Can you identify this children's story?

I read this book around thirty years ago when I was a pre-teen. What I remember is a brother and sister who moved into an old house. They were unhappy about moving. There was some kind of old shed out back in an overgrown garden, and an oven in the shed. They baked cookies in the oven and sprinkled various colors of sugar on top. The cookies were magical in different ways depending upon the color of the sugar. The last part I remember is that a neighborhood bully grabbed a cookie and started eating it even though they warned him not to, and he turned into a donkey. Since I still remember it after all this time, I’d like to read it again, maybe to my kids. Any ideas?

This sounds like something I read when I was a kid too, but much of the plot (as well as the title) eludes me. Was there an old neighbor lady who collected buttons, and her magic cookies would turn people into buttons (miniature people-shaped buttons, that is) if they ate them?

Sounds like a good book to read while listening to Puff the Magic Dragon.

Yes, Scarlett, I do remember that there was an older, unrelated woman in the story but I left that part out of my description because my memory of her role in the story was even more vague than the rest of my recollection. I also remember that the kids seemed to be somewhat neglected by their parents so they began hanging out in this out-building as a place to sulk. I don’t particularly remember the part about the buttons. One last memory I have is that the author was very descriptive of what the cookies were like fresh out of the oven - hot and golden and fragrant - and that the kids would try to eat them when they were still too hot. I couldn’t find anything on the internet - funny how relatively recent published stories like this can just fade away.

The story sounds like a kid’s author named Ruth Chew. The brother/sister team, the one-gimmick magic (magic cookies, magic buttons, magic vacuum cleaner, etc), the alienated from their parents who are nice, but busy / vivid descriptions are all typical Ruth Chew formulae.

I know for a fact that the book Scarlett is talking about IS a Ruth Chew book: “The Witch’s Buttons”. It is NOT the same book that Sputnik is talking about as there’s no magic sprinkles and no bully -> donkey transformation.

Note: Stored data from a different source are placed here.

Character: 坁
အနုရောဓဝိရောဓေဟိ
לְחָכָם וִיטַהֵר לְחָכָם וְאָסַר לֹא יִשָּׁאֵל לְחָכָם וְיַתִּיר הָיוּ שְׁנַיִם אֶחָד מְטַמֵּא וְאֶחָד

That said, it Sputnik’s description sure SOUNDS like a Ruth Chew book. I’ve read many of her books and that one doesn’t ring a bell. But it might be worth finding a list of her books and seeing if one of her titles ring a bell.

Fenris

Just by coincidence, I have a list of Ruth Chew’s titles handy–Enjoy!:

Baked Beans for Breakfast/The Secret Summer (same book, pub. under both titles)
Do-It-Yourself Magic
Earthstar Magic
The Enchanted Book
The Hidden Cave
Last Chance for Magic
The Magic Coin
Magic in the Park
Magic of the Black Mirror
Mostly Magic
No Such Thing as a Witch
Royal Magic
Second-Hand Magic
The Secret Treehouse
Shark Lady
Summer Magic
Trapped in Time
The Trouble with Magic
The Wednesday Witch
The Wishing Tree
The Witch and the Ring
The Witch at the Window
Witch in the House
The Witch’s Broom
The Witch’s Buttons
Witch’s Cat
The Witch’s Garden
The Would-Be Witch

I remember No Such Thing As a Witch. That one was good, about a neighborhood lady who these kids thought was a witch, and who baked brownies that could after several pieces eventually make you turn into one. Ah, how trippy it all sounds now.

I visited the library over lunchtime today and checked out one Ruth Chew book (I already forgot the title - it’s in the car). It looks like the same style that I remember though it isn’t THE book. But I did see The Witch’s Garden in the catalog at a different library - THAT could be a possibility, though it was written in 1978 which is probably after the time I would have read it. Thanks for the leads.

You realize that by reading these books, you’ve doomed yourself to Jack Chick’s hell, don’t you?

Thanks, Fenris – that was going to bug me! I think I also read No Such Thing as a Witch* – sounds familiar.

Must go to the library!

Doomed?

I will frolic in the flames of Jack Chick’s hell.

And I guess my daughter will join me - she’s already begun reading Chew’s What the Witch Left (add it to your list, booklover) in the car this afternoon.

Just to be pedantic: that should read, “I will frolic in the flames of Jack Chick’s hell. HAW HAW!